Não resta nenhuma dúvida de que Maria era reconhecida como Mãe de Jesus pelos judeus. Que Ele é homem, também o admitiam todos. E também era evidente aos olhos dos cristãos primitivos que Ele é Deus, pois havia falado e agido como só um Deus poderia fazer: atribuíam-se direitos que nenhuma criatura ousaria arrogar-se; pregava e mandava em nome próprio; perdoava os pecados por sua própria autoridade; fazia milagres por seu próprio poder; exprimia-se sobre suas relações com Deus como fazendo com Ele um ser único. É possível que inicialmente os discípulos o tenham visto como sendo apenas o Messias, e que no fim de sua vida mortal alguns dentre eles tenham começado a reconhecer sua divindade, mas após a Ressurreição puseram-se todos a pregá-la abertamente. Desde antes de serem escritos os evangelhos, pelo menos os três últimos, São Paulo havia proclamado Jesus “Aquele que está acima de todas as coisas, o Deus eternamente bendito” (Rom 9, 5).
Essa humanidade e essa divindade que os primeiros cristãos reconheciam no Filho de Maria apresentavam-se a eles unidas na mais íntima união que se possa imaginar, a qual será mais tarde denominada hipostática. Daquele que acabava de ser batizado no Jordão, o Pai tinha dito: “Eis meu filho bem amado, no qual ponho minha complacência” (Mt 3, 17). Após atravessar o lago numa barca, Ele disse ao paralítico: “Homem, os teus pecados te são perdoados”; e como os fariseus se escandalizavam sobre esse poder de perdoar os pecados — pois só o reconheciam como pertencendo a Deus, mas Ele o atribuía a si mesmo — não argumentou que estariam sendo perdoados por Deus habitando em mim, ou por Deus ao qual estou unido, mas proclamou em alto e bom som que esse poder residia nele mesmo: “A fim de que saibais que o Filho do Homem tem na Terra autoridade para perdoar os pecados, [disse ao paralítico]: Levanta-te, toma o teu leito e retorna à tua casa” (Mc 2, 1-12).
São Paulo registrou num texto bem conhecido essa convicção dos primeiros cristãos sobre a união substancial da divindade e humanidade em Jesus: “Tende os sentimentos de Cristo Jesus, que subsistindo na natureza de Deus, não considerava uma usurpação a igualdade com Deus. Porém Ele se aniquilou, tomando a forma de servo e tornando-se semelhante aos homens, reconhecido como homem pela sua aparência” (Fil 2, 6-8).
Portanto o Apóstolo afirmava que a natureza divina e a humana estavam reunidas em Jesus Cristo, e consequentemente Ele era reconhecido pelos primeiros cristãos como sendo ao mesmo tempo Deus e homem.
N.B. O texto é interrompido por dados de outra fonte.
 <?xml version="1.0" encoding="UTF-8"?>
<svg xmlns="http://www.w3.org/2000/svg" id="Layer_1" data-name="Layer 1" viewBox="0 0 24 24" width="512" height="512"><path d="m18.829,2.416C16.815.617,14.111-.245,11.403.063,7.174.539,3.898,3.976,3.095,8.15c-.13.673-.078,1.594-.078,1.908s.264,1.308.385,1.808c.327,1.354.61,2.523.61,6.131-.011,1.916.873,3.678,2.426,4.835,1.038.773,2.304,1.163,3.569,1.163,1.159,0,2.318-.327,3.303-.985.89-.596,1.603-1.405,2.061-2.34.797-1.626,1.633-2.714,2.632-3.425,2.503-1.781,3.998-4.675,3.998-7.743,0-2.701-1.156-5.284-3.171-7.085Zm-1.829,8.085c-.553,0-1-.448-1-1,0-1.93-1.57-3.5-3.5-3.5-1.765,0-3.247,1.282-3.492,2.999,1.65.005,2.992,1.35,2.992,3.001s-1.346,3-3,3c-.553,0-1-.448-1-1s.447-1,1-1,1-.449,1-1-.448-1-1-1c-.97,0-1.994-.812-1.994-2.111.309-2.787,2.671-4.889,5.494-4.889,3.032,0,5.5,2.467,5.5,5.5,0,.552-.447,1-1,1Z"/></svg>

Tendo Ele nascido de Maria, conferiam a Ela o título de Mãe de Deus.
A dedução acima é de todo rigor, mesmo supondo-se que a Sagrada Escritura não aludisse também à divindade do seu Filho, nas partes em que menciona a Mãe de Jesus. Porém, de fato a divindade de Jesus está afirmada, ou pelo menos subentendida, em várias ocasiões em que se menciona sua Mãe. O anjo Gabriel afirmou a Maria que Ela se tornaria mãe sem perder a virgindade, porque “aquele que nascerá de ti será chamado Filho de Deus” (Lc 1, 34-35). Qualquer que possa ter sido para os judeus de então o sentido da expressão Filho de Deus, é fora de dúvida que a Virgem entendeu tal expressão como significando algo diferente do que eles entendiam por Messias. Com efeito, o anjo lhe explicou que o Messias que nasceria dela respeitaria sua virgindade, precisamente porque tratava-se do próprio Filho de Deus. É fora de dúvida também que os primeiros cristãos, que ouviam contar ou liam a narração da Anunciação, atribuíam à expressão Filho de Deus o sentido literal, o sentido pleno de segunda Pessoa da Santíssima Trindade, e que portanto Maria era para eles Mãe de Deus, de acordo com a declaração do enviado divino.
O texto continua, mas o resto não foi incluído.